• ACTION ITEM: The records below are to be restated word for word, with their images omitted.

(Saved data entries)
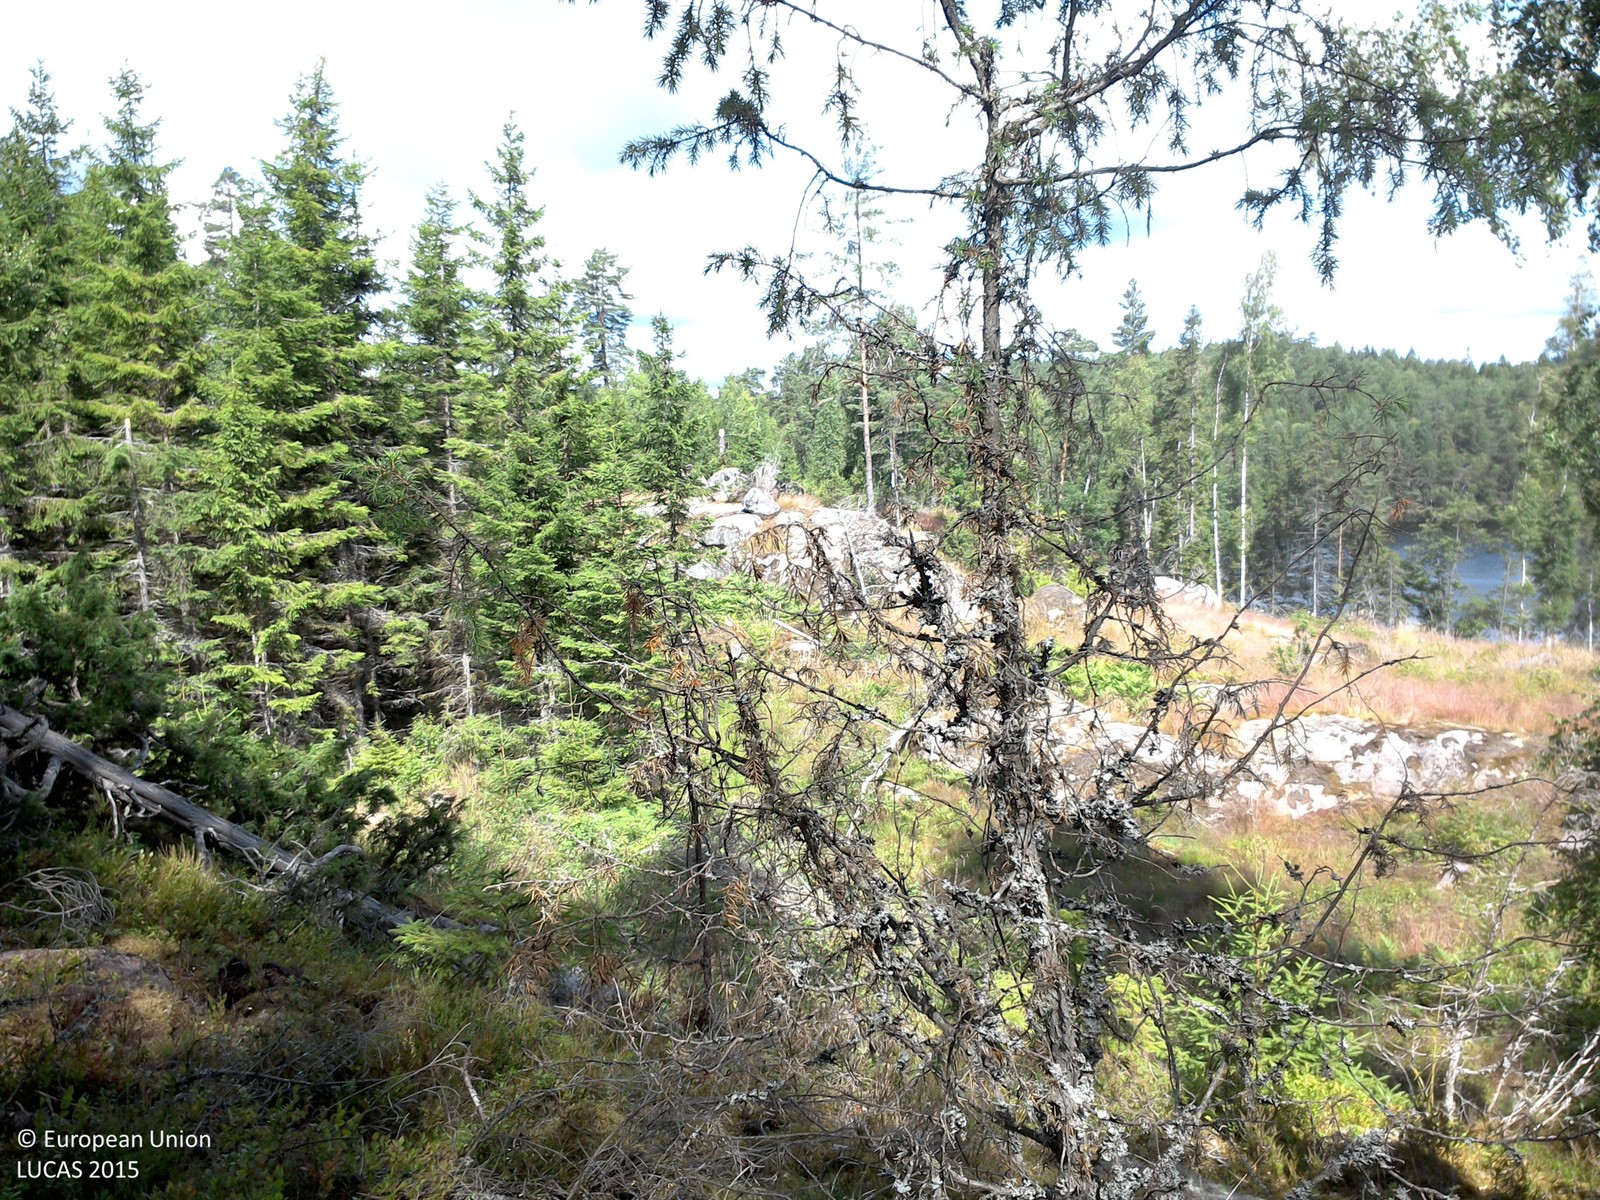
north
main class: Woodland
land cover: Pine dominated coniferous woodland
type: boreal forest
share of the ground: 50 - 75 %
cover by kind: coniferous forest trees 60 %, herbaceous plants 25 %, lichens and mosses 15 %
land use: Forestry
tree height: > 5 m
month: July
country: SE
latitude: 57.8311
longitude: 16.0426

• TASK SOLUTION:
north
main class: Woodland
land cover: Pine dominated coniferous woodland
type: boreal forest
share of the ground: 50 - 75 %
cover by kind: coniferous forest trees 60 %, herbaceous plants 25 %, lichens and mosses 15 %
land use: Forestry
tree height: > 5 m
month: July
country: SE
latitude: 57.8311
longitude: 16.0426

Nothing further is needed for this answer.